## Task requirements
The records that follow are to be transcribed in full, leaving out each picture.

::: Provided entries

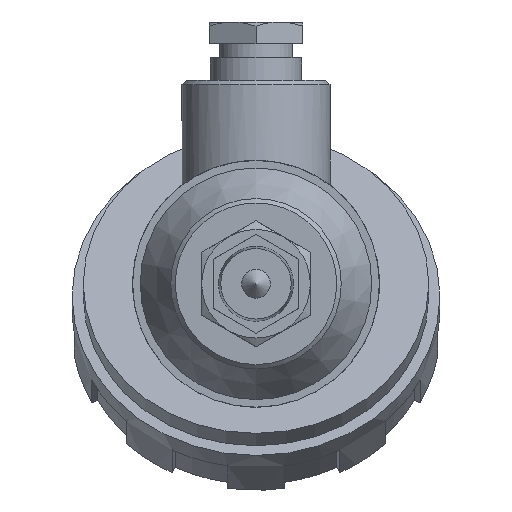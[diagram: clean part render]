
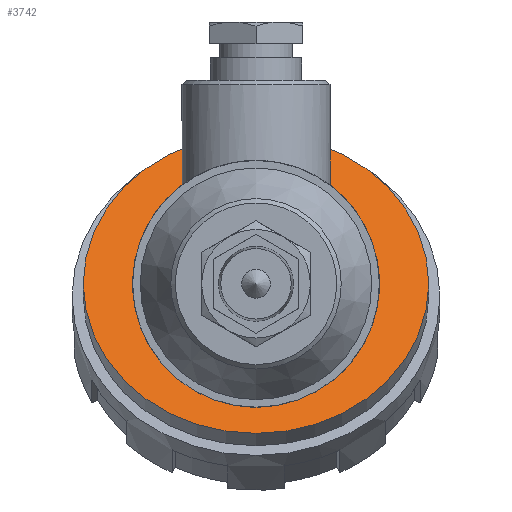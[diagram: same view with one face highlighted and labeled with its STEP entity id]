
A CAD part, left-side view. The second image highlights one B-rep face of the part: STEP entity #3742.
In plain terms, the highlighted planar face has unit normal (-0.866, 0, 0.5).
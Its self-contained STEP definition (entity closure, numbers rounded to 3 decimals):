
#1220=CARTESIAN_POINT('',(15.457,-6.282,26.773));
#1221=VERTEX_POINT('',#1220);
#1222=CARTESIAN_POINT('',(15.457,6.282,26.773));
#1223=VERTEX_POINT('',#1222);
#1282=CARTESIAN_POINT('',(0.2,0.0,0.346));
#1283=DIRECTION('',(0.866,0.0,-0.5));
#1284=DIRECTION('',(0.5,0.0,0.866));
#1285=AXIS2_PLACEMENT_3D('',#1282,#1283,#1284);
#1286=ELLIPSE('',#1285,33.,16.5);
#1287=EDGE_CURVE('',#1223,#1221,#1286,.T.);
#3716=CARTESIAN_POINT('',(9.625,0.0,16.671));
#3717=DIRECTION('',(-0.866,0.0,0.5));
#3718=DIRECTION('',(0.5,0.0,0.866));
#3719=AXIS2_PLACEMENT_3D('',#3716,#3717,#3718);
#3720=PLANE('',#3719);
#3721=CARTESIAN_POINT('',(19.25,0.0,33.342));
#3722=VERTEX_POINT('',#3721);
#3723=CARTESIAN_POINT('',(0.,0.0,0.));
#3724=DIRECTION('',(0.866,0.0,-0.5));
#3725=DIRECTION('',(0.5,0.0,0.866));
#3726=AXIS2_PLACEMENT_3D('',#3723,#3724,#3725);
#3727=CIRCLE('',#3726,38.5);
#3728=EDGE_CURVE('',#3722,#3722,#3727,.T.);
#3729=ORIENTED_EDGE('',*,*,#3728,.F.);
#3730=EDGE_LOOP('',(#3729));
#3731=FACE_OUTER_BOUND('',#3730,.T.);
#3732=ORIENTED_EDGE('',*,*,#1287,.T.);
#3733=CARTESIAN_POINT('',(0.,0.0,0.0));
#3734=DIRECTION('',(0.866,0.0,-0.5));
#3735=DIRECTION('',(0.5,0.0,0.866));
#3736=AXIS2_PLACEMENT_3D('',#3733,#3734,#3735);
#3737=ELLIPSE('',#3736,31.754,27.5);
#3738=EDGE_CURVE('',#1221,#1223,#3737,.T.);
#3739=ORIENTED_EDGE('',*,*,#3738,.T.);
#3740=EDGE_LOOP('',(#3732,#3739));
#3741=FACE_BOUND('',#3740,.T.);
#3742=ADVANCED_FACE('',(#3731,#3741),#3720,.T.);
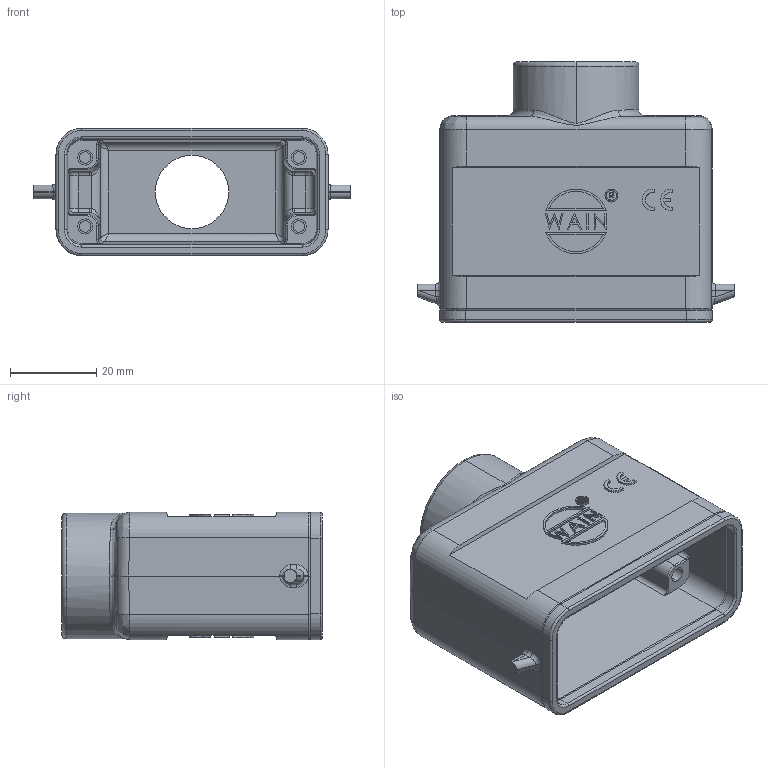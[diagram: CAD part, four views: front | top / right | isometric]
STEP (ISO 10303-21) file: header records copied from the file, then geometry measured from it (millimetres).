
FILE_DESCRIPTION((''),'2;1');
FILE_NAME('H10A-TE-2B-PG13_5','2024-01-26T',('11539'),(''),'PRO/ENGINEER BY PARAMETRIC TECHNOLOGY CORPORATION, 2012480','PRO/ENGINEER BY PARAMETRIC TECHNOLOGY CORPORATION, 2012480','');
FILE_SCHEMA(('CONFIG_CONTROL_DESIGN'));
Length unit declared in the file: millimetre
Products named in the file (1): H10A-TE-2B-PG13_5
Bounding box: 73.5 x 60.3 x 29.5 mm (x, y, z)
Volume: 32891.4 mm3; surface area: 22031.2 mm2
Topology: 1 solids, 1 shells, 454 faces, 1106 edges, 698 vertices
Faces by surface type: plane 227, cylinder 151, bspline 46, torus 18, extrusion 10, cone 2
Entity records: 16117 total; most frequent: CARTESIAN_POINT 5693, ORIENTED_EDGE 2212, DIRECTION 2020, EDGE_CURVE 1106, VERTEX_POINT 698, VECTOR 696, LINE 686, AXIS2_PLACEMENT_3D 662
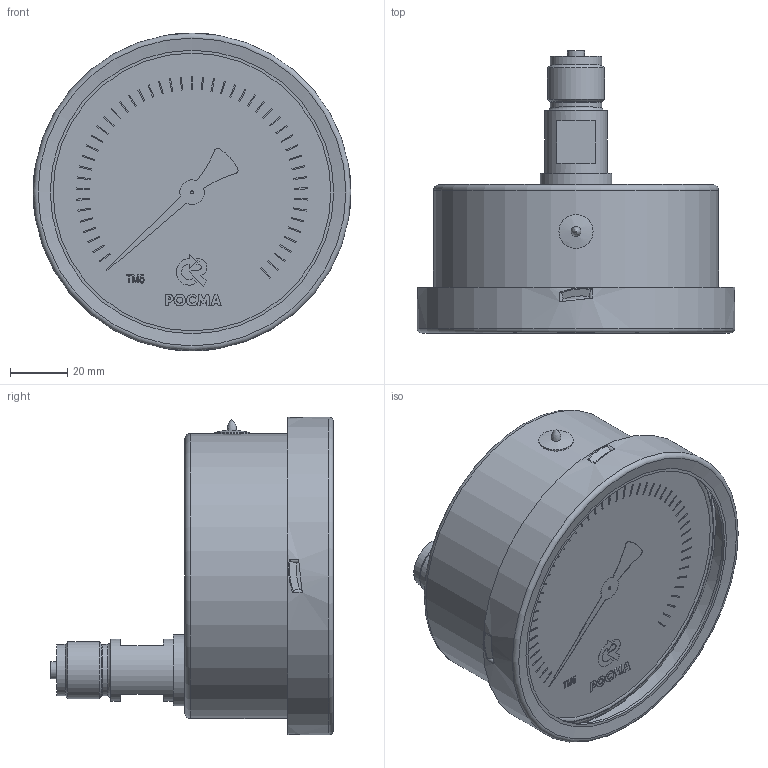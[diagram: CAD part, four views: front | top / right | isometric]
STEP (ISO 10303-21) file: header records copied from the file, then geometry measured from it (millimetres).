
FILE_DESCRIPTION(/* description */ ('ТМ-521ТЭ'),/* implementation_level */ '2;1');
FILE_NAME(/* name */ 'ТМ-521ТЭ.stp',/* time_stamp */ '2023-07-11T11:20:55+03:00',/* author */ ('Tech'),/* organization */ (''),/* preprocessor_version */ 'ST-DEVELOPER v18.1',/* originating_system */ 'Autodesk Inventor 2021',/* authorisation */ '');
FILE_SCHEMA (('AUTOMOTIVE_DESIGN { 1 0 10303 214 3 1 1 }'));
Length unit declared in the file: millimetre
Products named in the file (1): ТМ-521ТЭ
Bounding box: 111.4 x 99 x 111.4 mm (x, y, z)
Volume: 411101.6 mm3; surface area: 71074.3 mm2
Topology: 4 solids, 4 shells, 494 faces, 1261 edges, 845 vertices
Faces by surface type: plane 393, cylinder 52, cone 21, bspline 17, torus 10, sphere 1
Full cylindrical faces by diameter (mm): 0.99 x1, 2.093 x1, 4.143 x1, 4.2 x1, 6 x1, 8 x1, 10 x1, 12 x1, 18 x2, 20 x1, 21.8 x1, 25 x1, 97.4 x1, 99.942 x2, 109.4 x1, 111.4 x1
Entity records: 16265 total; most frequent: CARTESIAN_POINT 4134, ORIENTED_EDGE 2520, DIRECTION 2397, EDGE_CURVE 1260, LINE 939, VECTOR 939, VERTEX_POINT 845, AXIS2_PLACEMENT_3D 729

::::::

## Result of the exercise
[diagram: clean part render]
[diagram: same view with one face highlighted and labeled with its STEP entity id]
A CAD part, left-side view. The second image highlights one B-rep face of the part: STEP entity #3742.
In plain terms, the highlighted planar face has unit normal (-0.866, 0, 0.5).
Its self-contained STEP definition (entity closure, numbers rounded to 3 decimals):
#1220=CARTESIAN_POINT('',(15.457,-6.282,26.773));
#1221=VERTEX_POINT('',#1220);
#1222=CARTESIAN_POINT('',(15.457,6.282,26.773));
#1223=VERTEX_POINT('',#1222);
#1282=CARTESIAN_POINT('',(0.2,0.0,0.346));
#1283=DIRECTION('',(0.866,0.0,-0.5));
#1284=DIRECTION('',(0.5,0.0,0.866));
#1285=AXIS2_PLACEMENT_3D('',#1282,#1283,#1284);
#1286=ELLIPSE('',#1285,33.,16.5);
#1287=EDGE_CURVE('',#1223,#1221,#1286,.T.);
#3716=CARTESIAN_POINT('',(9.625,0.0,16.671));
#3717=DIRECTION('',(-0.866,0.0,0.5));
#3718=DIRECTION('',(0.5,0.0,0.866));
#3719=AXIS2_PLACEMENT_3D('',#3716,#3717,#3718);
#3720=PLANE('',#3719);
#3721=CARTESIAN_POINT('',(19.25,0.0,33.342));
#3722=VERTEX_POINT('',#3721);
#3723=CARTESIAN_POINT('',(0.,0.0,0.));
#3724=DIRECTION('',(0.866,0.0,-0.5));
#3725=DIRECTION('',(0.5,0.0,0.866));
#3726=AXIS2_PLACEMENT_3D('',#3723,#3724,#3725);
#3727=CIRCLE('',#3726,38.5);
#3728=EDGE_CURVE('',#3722,#3722,#3727,.T.);
#3729=ORIENTED_EDGE('',*,*,#3728,.F.);
#3730=EDGE_LOOP('',(#3729));
#3731=FACE_OUTER_BOUND('',#3730,.T.);
#3732=ORIENTED_EDGE('',*,*,#1287,.T.);
#3733=CARTESIAN_POINT('',(0.,0.0,0.0));
#3734=DIRECTION('',(0.866,0.0,-0.5));
#3735=DIRECTION('',(0.5,0.0,0.866));
#3736=AXIS2_PLACEMENT_3D('',#3733,#3734,#3735);
#3737=ELLIPSE('',#3736,31.754,27.5);
#3738=EDGE_CURVE('',#1221,#1223,#3737,.T.);
#3739=ORIENTED_EDGE('',*,*,#3738,.T.);
#3740=EDGE_LOOP('',(#3732,#3739));
#3741=FACE_BOUND('',#3740,.T.);
#3742=ADVANCED_FACE('',(#3731,#3741),#3720,.T.);
[diagram: CAD part, four views: front | top / right | isometric]
STEP (ISO 10303-21) file: header records copied from the file, then geometry measured from it (millimetres).
FILE_DESCRIPTION((''),'2;1');
FILE_NAME('H10A-TE-2B-PG13_5','2024-01-26T',('11539'),(''),'PRO/ENGINEER BY PARAMETRIC TECHNOLOGY CORPORATION, 2012480','PRO/ENGINEER BY PARAMETRIC TECHNOLOGY CORPORATION, 2012480','');
FILE_SCHEMA(('CONFIG_CONTROL_DESIGN'));
Length unit declared in the file: millimetre
Products named in the file (1): H10A-TE-2B-PG13_5
Bounding box: 73.5 x 60.3 x 29.5 mm (x, y, z)
Volume: 32891.4 mm3; surface area: 22031.2 mm2
Topology: 1 solids, 1 shells, 454 faces, 1106 edges, 698 vertices
Faces by surface type: plane 227, cylinder 151, bspline 46, torus 18, extrusion 10, cone 2
Entity records: 16117 total; most frequent: CARTESIAN_POINT 5693, ORIENTED_EDGE 2212, DIRECTION 2020, EDGE_CURVE 1106, VERTEX_POINT 698, VECTOR 696, LINE 686, AXIS2_PLACEMENT_3D 662
[diagram: CAD part, four views: front | top / right | isometric]
STEP (ISO 10303-21) file: header records copied from the file, then geometry measured from it (millimetres).
FILE_DESCRIPTION(/* description */ ('ТМ-521ТЭ'),/* implementation_level */ '2;1');
FILE_NAME(/* name */ 'ТМ-521ТЭ.stp',/* time_stamp */ '2023-07-11T11:20:55+03:00',/* author */ ('Tech'),/* organization */ (''),/* preprocessor_version */ 'ST-DEVELOPER v18.1',/* originating_system */ 'Autodesk Inventor 2021',/* authorisation */ '');
FILE_SCHEMA (('AUTOMOTIVE_DESIGN { 1 0 10303 214 3 1 1 }'));
Length unit declared in the file: millimetre
Products named in the file (1): ТМ-521ТЭ
Bounding box: 111.4 x 99 x 111.4 mm (x, y, z)
Volume: 411101.6 mm3; surface area: 71074.3 mm2
Topology: 4 solids, 4 shells, 494 faces, 1261 edges, 845 vertices
Faces by surface type: plane 393, cylinder 52, cone 21, bspline 17, torus 10, sphere 1
Full cylindrical faces by diameter (mm): 0.99 x1, 2.093 x1, 4.143 x1, 4.2 x1, 6 x1, 8 x1, 10 x1, 12 x1, 18 x2, 20 x1, 21.8 x1, 25 x1, 97.4 x1, 99.942 x2, 109.4 x1, 111.4 x1
Entity records: 16265 total; most frequent: CARTESIAN_POINT 4134, ORIENTED_EDGE 2520, DIRECTION 2397, EDGE_CURVE 1260, LINE 939, VECTOR 939, VERTEX_POINT 845, AXIS2_PLACEMENT_3D 729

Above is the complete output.